Conversion of IPP to Terpenoids

The electrophilic double bond isomerization catalyzed by IPP isomerase is a highly reversible reaction, with an equilibrium IPP:DMAPP ratio of about 6:1. In the next step of isoprenoid biosynthesis, the two five-carbon isomers condense to form a 10-carbon isoprenoid product called geranyl diphosphate (GPP).

image074.png

This is a nice example of an electrophilic addition/elimination mechanism:

image076.png

The first step is ionization of the electrophile - in other words, the leaving group departs and a carbocation intermediate is formed. In this case, the pyrophosphate group on DMAPP is the leaving group, and the electrophilic species is the resulting allylic carbocation.

image078.png

In the condensation (addition) step, the C3-C4 double bond in IPP attacks the positively-charged C1 of DMAPP, resulting in a new carbon-carbon bond and a second carbocation intermediate, this time at a tertiary carbon. In the elimination phase, proton abstraction leads to re-establishment of a double bond in the GPP product. Notice that the enzyme specifically takes the pro-R proton in this step.

To continue the chain elongation process, another IPP molecule can then condense, in a very similar reaction, with C1 of geranyl diphosphate to form a 15-carbon product called farnesyl diphosphate (FPP).

image080.png

How do we know that these are indeed SN1-like mechanisms with carbocation intermediates, rather than concerted SN2-like mechanisms? First of all, recall that the question of whether a substitution is dissociative (SN1-like) or associative (SN2-like) is not always clear-cut - it could be somewhere in between, like the protein prenyltransferase reaction. The protein prenyltransferase reaction and the isoprenoid chain elongation reactions are very similar: the electrophile is the same, but in the former the nucleophile is a thiolate, while in the latter the nucleophile is a pi bond.

image082.png

This difference in the identity of the nucleophilic species would lead one to predict that the chain elongation reaction has more SN1-like character than the protein prenylation reaction. A thiolate is a very powerful nucleophile, and thus is able to push the pyrophosphate leaving group off, implying some degree of SN2 character. The electrons in a pi bond, in contrast, are only weakly nucleophilic, and thus need to be pulled in by a powerful electrophile - ie. a carbocation.

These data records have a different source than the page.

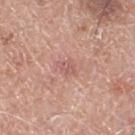notes=total-body-photography surveillance lesion; no biopsy | anatomic site=the right thigh | lesion size=about 2.5 mm | patient=male, aged 78 to 82 | image=~15 mm crop, total-body skin-cancer survey.
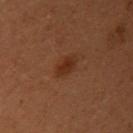Clinical impression: No biopsy was performed on this lesion — it was imaged during a full skin examination and was not determined to be concerning. Clinical summary: About 3 mm across. A female subject aged 48 to 52. Located on the right upper arm. The lesion-visualizer software estimated a lesion area of about 4 mm² and an eccentricity of roughly 0.8. It also reported a mean CIELAB color near L≈25 a*≈20 b*≈27 and a lesion–skin lightness drop of about 7. The analysis additionally found a classifier nevus-likeness of about 95/100 and lesion-presence confidence of about 100/100. This is a cross-polarized tile. Cropped from a total-body skin-imaging series; the visible field is about 15 mm.
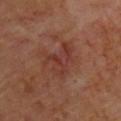Part of a total-body skin-imaging series; this lesion was reviewed on a skin check and was not flagged for biopsy.
Imaged with cross-polarized lighting.
The subject is a male in their 60s.
From the back.
Cropped from a whole-body photographic skin survey; the tile spans about 15 mm.
Approximately 4.5 mm at its widest.
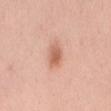{"biopsy_status": "not biopsied; imaged during a skin examination", "image": {"source": "total-body photography crop", "field_of_view_mm": 15}, "patient": {"sex": "female", "age_approx": 35}, "site": "mid back"}
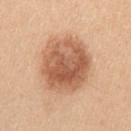<case>
  <biopsy_status>not biopsied; imaged during a skin examination</biopsy_status>
  <automated_metrics>
    <area_mm2_approx>32.0</area_mm2_approx>
    <eccentricity>0.4</eccentricity>
    <shape_asymmetry>0.1</shape_asymmetry>
    <cielab_L>59</cielab_L>
    <cielab_a>23</cielab_a>
    <cielab_b>34</cielab_b>
    <vs_skin_darker_L>14.0</vs_skin_darker_L>
    <vs_skin_contrast_norm>9.0</vs_skin_contrast_norm>
  </automated_metrics>
  <lighting>white-light</lighting>
  <patient>
    <sex>female</sex>
    <age_approx>40</age_approx>
  </patient>
  <lesion_size>
    <long_diameter_mm_approx>6.5</long_diameter_mm_approx>
  </lesion_size>
  <image>
    <source>total-body photography crop</source>
    <field_of_view_mm>15</field_of_view_mm>
  </image>
  <site>right upper arm</site>
</case>
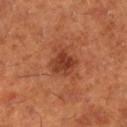Q: Was this lesion biopsied?
A: total-body-photography surveillance lesion; no biopsy
Q: Where on the body is the lesion?
A: the right lower leg
Q: What are the patient's age and sex?
A: male, approximately 65 years of age
Q: Lesion size?
A: about 3 mm
Q: What did automated image analysis measure?
A: border irregularity of about 2.5 on a 0–10 scale and radial color variation of about 1.5; a nevus-likeness score of about 85/100 and a detector confidence of about 100 out of 100 that the crop contains a lesion
Q: How was the tile lit?
A: cross-polarized
Q: What is the imaging modality?
A: 15 mm crop, total-body photography
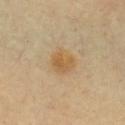Impression: Captured during whole-body skin photography for melanoma surveillance; the lesion was not biopsied. Context: A male patient in their mid- to late 50s. On the chest. This is a cross-polarized tile. The recorded lesion diameter is about 3 mm. A 15 mm close-up extracted from a 3D total-body photography capture.
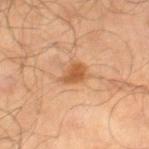Clinical impression: No biopsy was performed on this lesion — it was imaged during a full skin examination and was not determined to be concerning. Acquisition and patient details: Measured at roughly 3 mm in maximum diameter. This is a cross-polarized tile. A male subject in their mid-60s. A roughly 15 mm field-of-view crop from a total-body skin photograph. The total-body-photography lesion software estimated an outline eccentricity of about 0.65 (0 = round, 1 = elongated) and a symmetry-axis asymmetry near 0.3. The software also gave a color-variation rating of about 3/10 and peripheral color asymmetry of about 1. From the right lower leg.
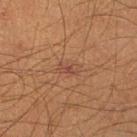Background: About 2.5 mm across. A male subject aged around 65. Captured under cross-polarized illumination. Cropped from a total-body skin-imaging series; the visible field is about 15 mm. The lesion is on the right lower leg.
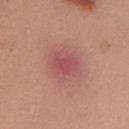Part of a total-body skin-imaging series; this lesion was reviewed on a skin check and was not flagged for biopsy.
A female subject in their mid- to late 20s.
The total-body-photography lesion software estimated an area of roughly 6.5 mm². And it measured a mean CIELAB color near L≈51 a*≈31 b*≈22, roughly 8 lightness units darker than nearby skin, and a normalized lesion–skin contrast near 6. It also reported border irregularity of about 2.5 on a 0–10 scale, a within-lesion color-variation index near 2/10, and a peripheral color-asymmetry measure near 0.5. It also reported a classifier nevus-likeness of about 0/100.
The recorded lesion diameter is about 3.5 mm.
A lesion tile, about 15 mm wide, cut from a 3D total-body photograph.
This is a white-light tile.
On the mid back.
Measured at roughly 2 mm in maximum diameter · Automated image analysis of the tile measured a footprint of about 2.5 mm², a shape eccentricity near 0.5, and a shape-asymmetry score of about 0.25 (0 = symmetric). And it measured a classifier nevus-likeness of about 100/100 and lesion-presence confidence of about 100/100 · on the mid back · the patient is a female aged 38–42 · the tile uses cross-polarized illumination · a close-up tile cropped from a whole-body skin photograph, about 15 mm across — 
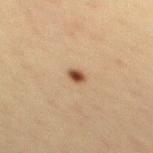biopsy diagnosis: a melanocytic nevus — a benign skin lesion.
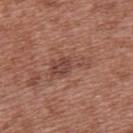Q: Was a biopsy performed?
A: catalogued during a skin exam; not biopsied
Q: Patient demographics?
A: female, aged approximately 40
Q: Illumination type?
A: white-light illumination
Q: What is the imaging modality?
A: ~15 mm tile from a whole-body skin photo
Q: Automated lesion metrics?
A: a mean CIELAB color near L≈45 a*≈23 b*≈25, roughly 8 lightness units darker than nearby skin, and a normalized border contrast of about 6.5; border irregularity of about 6 on a 0–10 scale, internal color variation of about 2.5 on a 0–10 scale, and radial color variation of about 1
Q: Lesion location?
A: the upper back
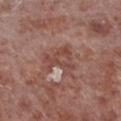Findings:
* lesion size: about 4 mm
* body site: the leg
* acquisition: 15 mm crop, total-body photography
* patient: male, in their mid- to late 50s
* automated lesion analysis: an eccentricity of roughly 0.7 and a symmetry-axis asymmetry near 0.45
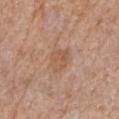Recorded during total-body skin imaging; not selected for excision or biopsy. About 3.5 mm across. This is a white-light tile. The total-body-photography lesion software estimated an area of roughly 6.5 mm², an eccentricity of roughly 0.7, and two-axis asymmetry of about 0.25. The analysis additionally found an average lesion color of about L≈55 a*≈20 b*≈31 (CIELAB), about 7 CIELAB-L* units darker than the surrounding skin, and a normalized lesion–skin contrast near 5.5. The analysis additionally found a border-irregularity rating of about 2.5/10, a color-variation rating of about 2.5/10, and a peripheral color-asymmetry measure near 1. And it measured a classifier nevus-likeness of about 0/100. On the right forearm. A female patient in their 60s. A 15 mm close-up extracted from a 3D total-body photography capture.
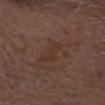Q: Is there a histopathology result?
A: imaged on a skin check; not biopsied
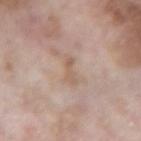– notes — catalogued during a skin exam; not biopsied
– anatomic site — the left forearm
– diameter — about 3 mm
– image source — total-body-photography crop, ~15 mm field of view
– illumination — white-light illumination
– patient — male, approximately 60 years of age
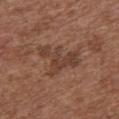Imaged during a routine full-body skin examination; the lesion was not biopsied and no histopathology is available.
The subject is a female aged around 75.
The tile uses white-light illumination.
About 5 mm across.
The lesion is on the chest.
A roughly 15 mm field-of-view crop from a total-body skin photograph.
Automated image analysis of the tile measured an area of roughly 12 mm², an eccentricity of roughly 0.65, and two-axis asymmetry of about 0.65. The software also gave a lesion–skin lightness drop of about 8 and a lesion-to-skin contrast of about 6.5 (normalized; higher = more distinct).
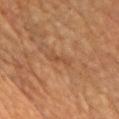notes: no biopsy performed (imaged during a skin exam); TBP lesion metrics: a footprint of about 2.5 mm² and two-axis asymmetry of about 0.45; illumination: cross-polarized illumination; image: ~15 mm tile from a whole-body skin photo; patient: female, in their 70s; size: about 3 mm; anatomic site: the chest.
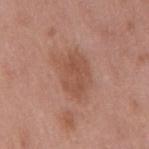biopsy status = imaged on a skin check; not biopsied | body site = the mid back | automated metrics = a border-irregularity index near 3/10 and a peripheral color-asymmetry measure near 1 | imaging modality = ~15 mm tile from a whole-body skin photo | subject = male, about 50 years old.
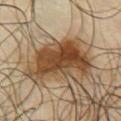Assessment:
The lesion was photographed on a routine skin check and not biopsied; there is no pathology result.
Clinical summary:
A region of skin cropped from a whole-body photographic capture, roughly 15 mm wide. The recorded lesion diameter is about 7.5 mm. Located on the chest. This is a cross-polarized tile. A male patient about 65 years old.
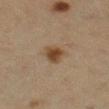The lesion was photographed on a routine skin check and not biopsied; there is no pathology result.
From the right lower leg.
Automated image analysis of the tile measured a footprint of about 6 mm², a shape eccentricity near 0.6, and two-axis asymmetry of about 0.25. The analysis additionally found an average lesion color of about L≈38 a*≈14 b*≈27 (CIELAB), about 9 CIELAB-L* units darker than the surrounding skin, and a lesion-to-skin contrast of about 8.5 (normalized; higher = more distinct). The analysis additionally found a border-irregularity rating of about 2/10, a within-lesion color-variation index near 3/10, and peripheral color asymmetry of about 0.5.
A female patient in their 40s.
Cropped from a total-body skin-imaging series; the visible field is about 15 mm.
Longest diameter approximately 3 mm.
The tile uses cross-polarized illumination.
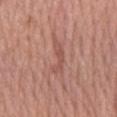Assessment:
Part of a total-body skin-imaging series; this lesion was reviewed on a skin check and was not flagged for biopsy.
Context:
A 15 mm crop from a total-body photograph taken for skin-cancer surveillance. A female patient aged around 60. This is a white-light tile. An algorithmic analysis of the crop reported an eccentricity of roughly 0.95 and two-axis asymmetry of about 0.4. The software also gave a mean CIELAB color near L≈53 a*≈23 b*≈26, a lesion–skin lightness drop of about 7, and a lesion-to-skin contrast of about 5 (normalized; higher = more distinct). It also reported a nevus-likeness score of about 0/100 and lesion-presence confidence of about 60/100. Located on the left forearm.
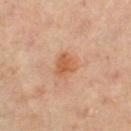workup: total-body-photography surveillance lesion; no biopsy
image: ~15 mm crop, total-body skin-cancer survey
automated lesion analysis: a nevus-likeness score of about 85/100
subject: female, aged 58–62
size: about 3 mm
illumination: cross-polarized
anatomic site: the right lower leg
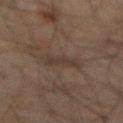notes=no biopsy performed (imaged during a skin exam) | lighting=cross-polarized illumination | diameter=about 3.5 mm | body site=the abdomen | patient=male, aged approximately 60 | image=~15 mm tile from a whole-body skin photo.
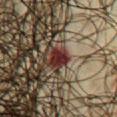Notes:
- follow-up · catalogued during a skin exam; not biopsied
- patient · male, approximately 65 years of age
- image · ~15 mm tile from a whole-body skin photo
- body site · the chest
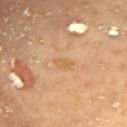follow-up: catalogued during a skin exam; not biopsied
size: about 2.5 mm
lighting: cross-polarized illumination
anatomic site: the chest
subject: female, about 60 years old
image: total-body-photography crop, ~15 mm field of view
TBP lesion metrics: a footprint of about 3.5 mm² and an eccentricity of roughly 0.75; a lesion color around L≈55 a*≈17 b*≈36 in CIELAB, about 5 CIELAB-L* units darker than the surrounding skin, and a lesion-to-skin contrast of about 4.5 (normalized; higher = more distinct); a classifier nevus-likeness of about 0/100 and lesion-presence confidence of about 100/100

So it makes perfect sense that the chain elongation reaction should more SN1-like than SN2-like. Is this in fact the case? We know how to answer this question experimentally - just run the reaction with fluorinated DMAPP or GPP substrates and observe how much the fluorines slow things down.

image084.png

If the reaction is SN1-like, the electron-withdrawing fluorines should destabilize the allylic carbocation intermediate and thus slow the reaction down considerably. If the mechanism is SN2-like, the fluorine substitutions should not have a noticeable effect, because a carbocation intermediate would not be formed. When this experiment was performed with FPP synthase, the results were dramatic: the presence of a single fluorine slowed down the rate of the reaction by a factor of about 60, while two and three fluorines resulted in a reaction that was 500,000 and 3 million times slower, respectively (J. Am. Chem. Soc. 1981, 103, 3926.) These results strongly suggest indicate the formation of a carbocation intermediate in an SN1-like displacement.

In this section, we will briefly examine the reaction catalyzed by an enzyme called squalene synthase, an important enzymatic transformation that involves some very interesting and unusual electrophilic additions, rearrangements, and reactive intermediates. This particular enzyme is also of interest because it represents a potential new target for cholesterol-lowering drugs.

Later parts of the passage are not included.